__YOUR INSTRUCTIONS__
Check each line of the entries below for the string "dataa"; copy every line where it appears.
MATERIAL TO PROCESS: Begin
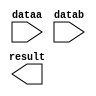
// megafunction wizard: %LPM_ADD_SUB%VBB%
// GENERATION: STANDARD
// VERSION: WM1.0
// MODULE: LPM_ADD_SUB 

// ============================================================
// Megafunction Name(s):
// 			LPM_ADD_SUB
//
// Simulation Library Files(s):
// 			lpm
// ============================================================
// ************************************************************
// THIS IS A WIZARD-GENERATED FILE. DO NOT EDIT THIS FILE!
//
// 13.1.0 Build 162 10/23/2013 SJ Full Version
// ************************************************************

//Copyright (C) 1991-2013 Altera Corporation
//Your use of Altera Corporation's design tools, logic functions 
//and other software and tools, and its AMPP partner logic 
//functions, and any output files from any of the foregoing 
//(including device programming or simulation files), and any 
//associated documentation or information are expressly subject 
//to the terms and conditions of the Altera Program License 
//Subscription Agreement, Altera MegaCore Function License 
//Agreement, or other applicable license agreement, including, 
//without limitation, that your use is for the sole purpose of 
//programming logic devices manufactured by Altera and sold by 
//Altera or its authorized distributors.  Please refer to the 
//applicable agreement for further details.

module lpm_add_sub235124 (
	dataa,
	datab,
	result);

	input	[23:0]  dataa;
	input	[23:0]  datab;
	output	[23:0]  result;

endmodule

// ============================================================
// CNX file retrieval info
// ============================================================
// Retrieval info: PRIVATE: CarryIn NUMERIC "0"
// Retrieval info: PRIVATE: CarryOut NUMERIC "0"
// Retrieval info: PRIVATE: ConstantA NUMERIC "0"
// Retrieval info: PRIVATE: ConstantB NUMERIC "0"
// Retrieval info: PRIVATE: Function NUMERIC "0"
// Retrieval info: PRIVATE: INTENDED_DEVICE_FAMILY STRING "Cyclone V"
// Retrieval info: PRIVATE: LPM_PIPELINE NUMERIC "0"
// Retrieval info: PRIVATE: Latency NUMERIC "0"
// Retrieval info: PRIVATE: Overflow NUMERIC "0"
// Retrieval info: PRIVATE: RadixA NUMERIC "10"
// Retrieval info: PRIVATE: RadixB NUMERIC "10"
// Retrieval info: PRIVATE: Representation NUMERIC "1"
// Retrieval info: PRIVATE: SYNTH_WRAPPER_GEN_POSTFIX STRING "0"
// Retrieval info: PRIVATE: ValidCtA NUMERIC "0"
// Retrieval info: PRIVATE: ValidCtB NUMERIC "0"
// Retrieval info: PRIVATE: WhichConstant NUMERIC "0"
// Retrieval info: PRIVATE: aclr NUMERIC "0"
// Retrieval info: PRIVATE: clken NUMERIC "0"
// Retrieval info: PRIVATE: nBit NUMERIC "24"
// Retrieval info: PRIVATE: new_diagram STRING "1"
// Retrieval info: LIBRARY: lpm lpm.lpm_components.all
// Retrieval info: CONSTANT: LPM_DIRECTION STRING "ADD"
// Retrieval info: CONSTANT: LPM_HINT STRING "ONE_INPUT_IS_CONSTANT=NO,CIN_USED=NO"
// Retrieval info: CONSTANT: LPM_REPRESENTATION STRING "UNSIGNED"
// Retrieval info: CONSTANT: LPM_TYPE STRING "LPM_ADD_SUB"
// Retrieval info: CONSTANT: LPM_WIDTH NUMERIC "24"
// Retrieval info: USED_PORT: dataa 0 0 24 0 INPUT NODEFVAL "dataa[23..0]"
// Retrieval info: USED_PORT: datab 0 0 24 0 INPUT NODEFVAL "datab[23..0]"
// Retrieval info: USED_PORT: result 0 0 24 0 OUTPUT NODEFVAL "result[23..0]"
// Retrieval info: CONNECT: @dataa 0 0 24 0 dataa 0 0 24 0
// Retrieval info: CONNECT: @datab 0 0 24 0 datab 0 0 24 0
// Retrieval info: CONNECT: result 0 0 24 0 @result 0 0 24 0
// Retrieval info: GEN_FILE: TYPE_NORMAL lpm_add_sub235124.v TRUE
// Retrieval info: GEN_FILE: TYPE_NORMAL lpm_add_sub235124.inc FALSE
// Retrieval info: GEN_FILE: TYPE_NORMAL lpm_add_sub235124.cmp FALSE
// Retrieval info: GEN_FILE: TYPE_NORMAL lpm_add_sub235124.bsf TRUE FALSE
// Retrieval info: GEN_FILE: TYPE_NORMAL lpm_add_sub235124_inst.v FALSE
// Retrieval info: GEN_FILE: TYPE_NORMAL lpm_add_sub235124_bb.v TRUE
// Retrieval info: LIB_FILE: lpm
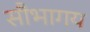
MATERIAL TO PROCESS: End
__REPLY TO THE TASK__
	dataa,
	input	[23:0]  dataa;
// Retrieval info: USED_PORT: dataa 0 0 24 0 INPUT NODEFVAL "dataa[23..0]"
// Retrieval info: CONNECT: @dataa 0 0 24 0 dataa 0 0 24 0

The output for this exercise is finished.